Your goal: Return, exactly as written, all lines from the line containing "Q: Is the spacing between letters" to the end of the entries below, with both ends included.

Exercise materials START

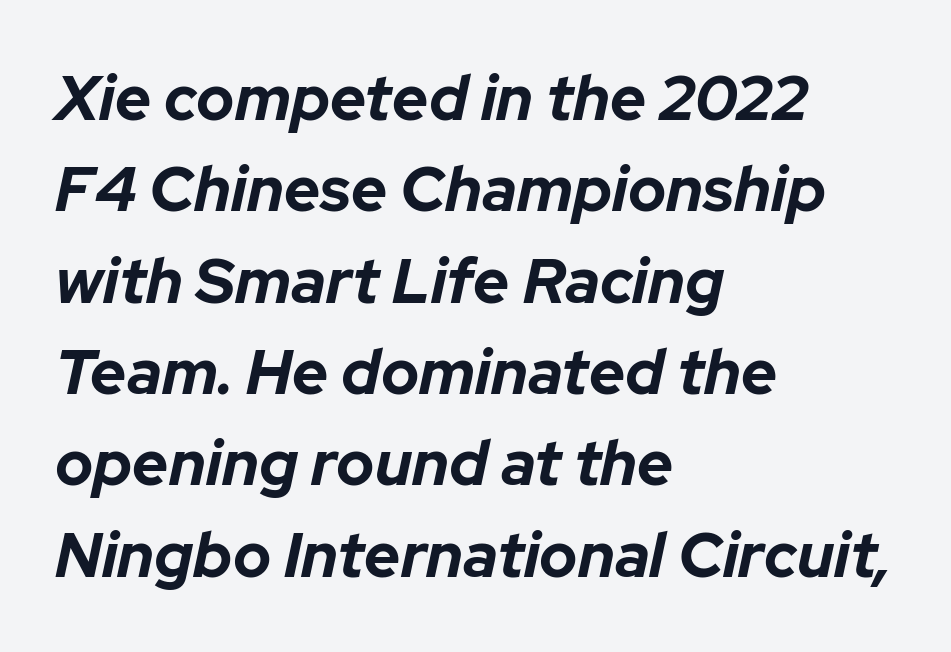
Q: Is the text bold? A: Yes.
Q: Is the text italic (slanted)? A: Yes, it leans right by about 12 degrees.
Q: Is the text underlined? A: No.
Q: How is the paragraph aligned? A: Left-aligned.
Q: Is the spacing between letters normal or unusually wide? A: Normal.
Q: Is the spacing between lines tight, normal or loose? A: Normal.
Q: Width (condensed, normal, or wide)? A: Normal.
Q: Stroke contrast? A: Low.
Q: x-height? A: Medium.
Q: Monospaced? A: No.

Exercise materials END

Exercise solution:
Q: Is the spacing between letters normal or unusually wide? A: Normal.
Q: Is the spacing between lines tight, normal or loose? A: Normal.
Q: Width (condensed, normal, or wide)? A: Normal.
Q: Stroke contrast? A: Low.
Q: x-height? A: Medium.
Q: Monospaced? A: No.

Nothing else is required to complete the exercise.